(REQUIRED WORK):
The finished copy must match the records exactly, except that it contains no pictures.

Items from a data source
########################################
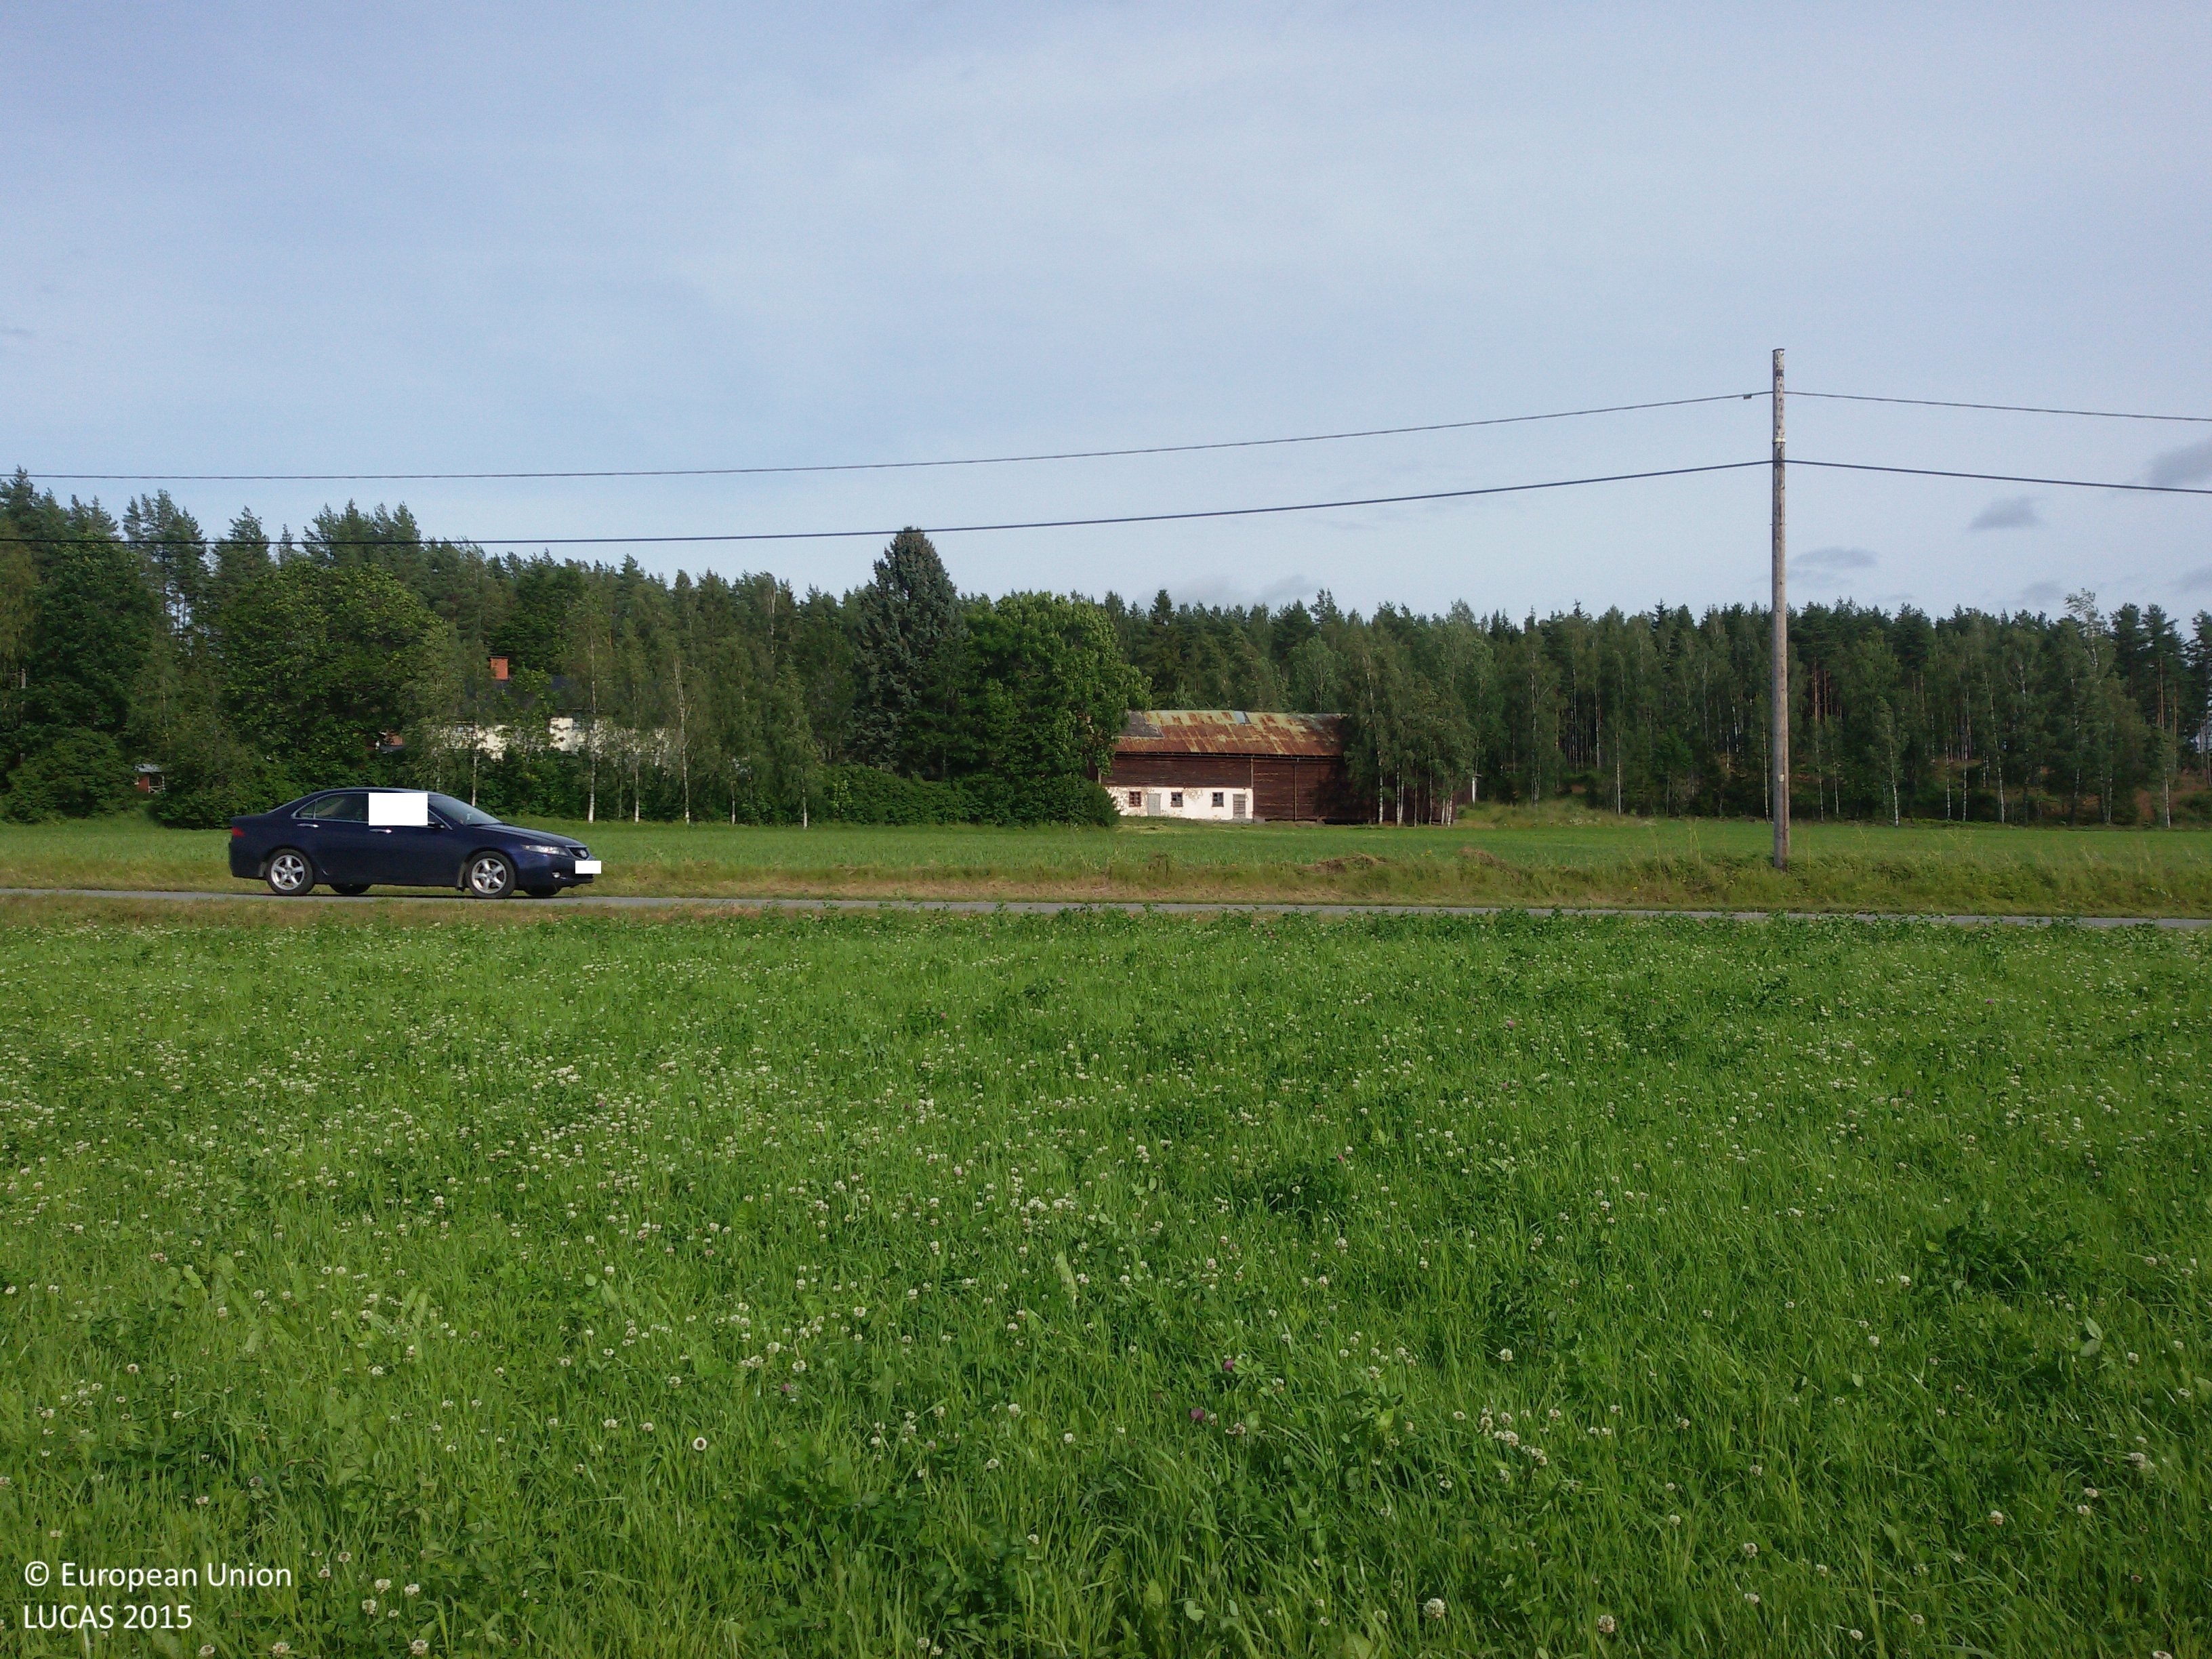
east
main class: Cropland
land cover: Other leguminous and mixtures for fodder
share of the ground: > 75 %
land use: Agriculture (excluding fallow land and kitchen gardens)
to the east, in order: Other leguminous and mixtures for fodder; Ditches and canals; Paved roads, cycling and walking lanes; Ditches and canals; Electric lines; Grassland without tree/shrub cover; Abandoned hedges; Artificial constructions in urban areas; Tracks; Grassland without tree/shrub cover; Spruce dominated mixed woodland
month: July
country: SE
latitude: 60.4233
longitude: 15.7820
########################################
(RESULT OF THE TASK):
east
main class: Cropland
land cover: Other leguminous and mixtures for fodder
share of the ground: > 75 %
land use: Agriculture (excluding fallow land and kitchen gardens)
to the east, in order: Other leguminous and mixtures for fodder; Ditches and canals; Paved roads, cycling and walking lanes; Ditches and canals; Electric lines; Grassland without tree/shrub cover; Abandoned hedges; Artificial constructions in urban areas; Tracks; Grassland without tree/shrub cover; Spruce dominated mixed woodland
month: July
country: SE
latitude: 60.4233
longitude: 15.7820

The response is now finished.